I finally built a mount so I can clamp it to something when I start it up, here it is assembled.  The tag on the suction end says; WARNING: Any  misuse or unauthorized modification of this turbocharger may cause damage or personal injury, use only as specified by manufactures name.  I will be using a Model-T ignition, and I need to build an oil system.


----------



## eugene13 (Feb 18, 2018)

Old man Winter has really kept me busy these past weeks, what with shoveling snow, coal, ash, operating the snow blower and taking my daily exercise I finally some time for my project.  I figured the best place to start on the oil system was the inlet and outlet flanges. The inlet flange was drilled and tapped something that matched none of the taps in my toolbox, my son thinks it used an O-ring boss fitting, I set it up in the mill and drilled and tapped two 5/16" X 18 holes.  the next two pictures are just for bragging rights, set up in my mill with no shims and alt-zeroed on table, close enough for the girls I go with.  A half hour dive into my "little pieces of aluminum" bucket yielded the material for the flanges and one of my coffee cans held the needed fittings, now I need a small pump, any suggestions?


----------



## eugene13 (Feb 20, 2018)

In my last post I didn't mention the chore of feeding wild birds and I didn't include photographic evidence of me doing chores or a representation of Old Man Winter.  There are 9 turkey's in "our" group, this is the first time we've had them, the whole group of about 40 came through our neighborhood this fall and cleaned out all the grasshoppers.


----------



## eugene13 (Mar 9, 2018)

Here's what I'm using for an oil pump, it's a Ford power steering pump, absolutely the wrong application but everything else I have is too big or small.  geared down about 2 1/2 : 1 should keep it from developing too much pressure, and having a built in reservoir saves me from procuring a tank.  I went a little overkill on the mount, but it's the only piece of flat stock I had that was big enough, and it already had holes drilled in it, I actually used the hole on the upper left.  I laid out the bolt circle, found the center and cut it out with a hole saw, then trimmed off the unnecessary metal with my band saw.  I opened up the top of the mount so I could remove the pump without removing the pressed on pulley.  I finally had to buy something, a nice piece of 10" channel for the base.  I didn't even halve to buy a v-belt as the one for my heating boiler is the right size, the boiler got the new one and my oil system got the used one.


----------



## eugene13 (Mar 12, 2018)

Final assembly of the turbine, I smeared stove cement (good to 2100 degrees) on all the mating parts, you can see how it squeezed out, this tells me I've got a good seal, I used RTV on the compressor discharge.  Here's a couple of views down the burner can to the turbine inlet, without the flame holder and with it in place.  I'll vacuum the sealant squeezes out before I close up the can.  Here's a picture of my friend 
Bill, he's building a flintlock muzzle loader and is using my mill to inlet the barrel tangs.


----------



## eugene13 (Mar 22, 2018)

I was going to use a Model-T coil for the ignition, but none of them worked, so I went to the dump and got a microwave oven out of the scrap pile, here's two pictures of the transformer, but I think it's why it ended up in the dump.  The primary side reads 0.3 ohms, and the secondary(?) the two black wires reads 0.7 ohms, the red wire reads 0.0 to the transformer frame.

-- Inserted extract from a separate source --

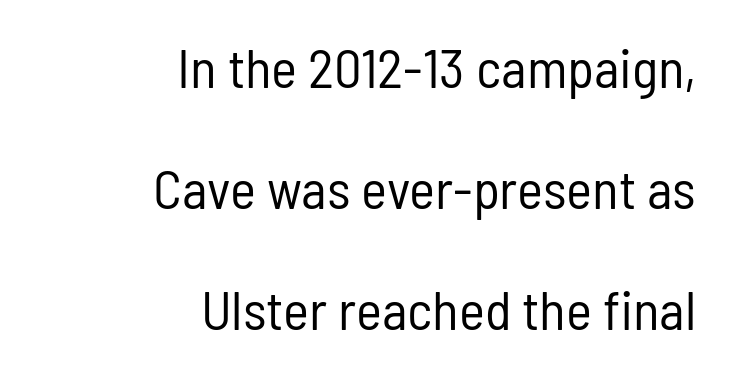
The image shows 55 px regular-weight, condensed sans-serif type, upright; set right-aligned, loose line spacing (2.2x), normal letter spacing, not underlined; low stroke contrast and a medium x-height.
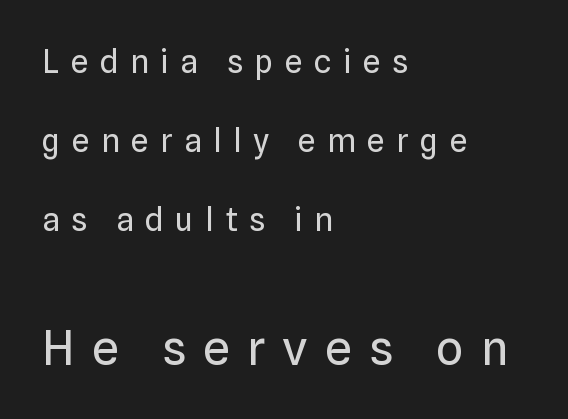
{"serif": "no", "italic": "no", "bold": "no", "weight": "regular", "width": "normal", "stroke_contrast": "low", "x_height": "medium", "monospaced": "no", "underline": "no", "align": "left", "line_spacing": "loose", "line_spacing_ratio": 2.47, "letter_spacing": "wide", "letter_spacing_em": 0.36, "larger_block": "second", "size_ratio": 1.5, "glyph_px": 48}

I hooked it up to house current and it hums but I can't get a spark out of the secondary.  I could use some help or suggestions.


----------



## eugene13 (Apr 16, 2018)

Well, here it is, we finally got some good weather and all the snow melted, my wife forbid me to try and start it in she shop so I set it up in my backyard for it's first attempt. Failure sucks, it won't run, it did leak oil all over my saw horses and the ground but I couldn't even get it to smoke.  Oh well, spring is here and my vegtable garden is calling, I'll find a place to store it and take another run at it next winter.


----------



## savarin (Apr 16, 2018)

Still on the theme of jets although not a turbo is Colin Furze's attempt to Fart at France. Loved it.
If you are anal with health and safety then definitely do not watch any of his videos.
He has quite a few pulse jet movies.
https://www.youtube.com/user/colinfurze/videos


----------



## ConValSam (Apr 16, 2018)

Eugene
Sad your effort ended without ignition; in addition to the garden, I suggest a go at the yellow Pinto in the background.  They so seldom appear anymore, the world needs more exposure to that apex of 70s automobile design.  And its the Runabout model with the Pacer sized window: seeing it has me jazzed for a trip down the road cranking the windows open  and closed by hand....


----------



## eugene13 (Apr 16, 2018)

Come visit Montana and you can take the Pinto home with you.


----------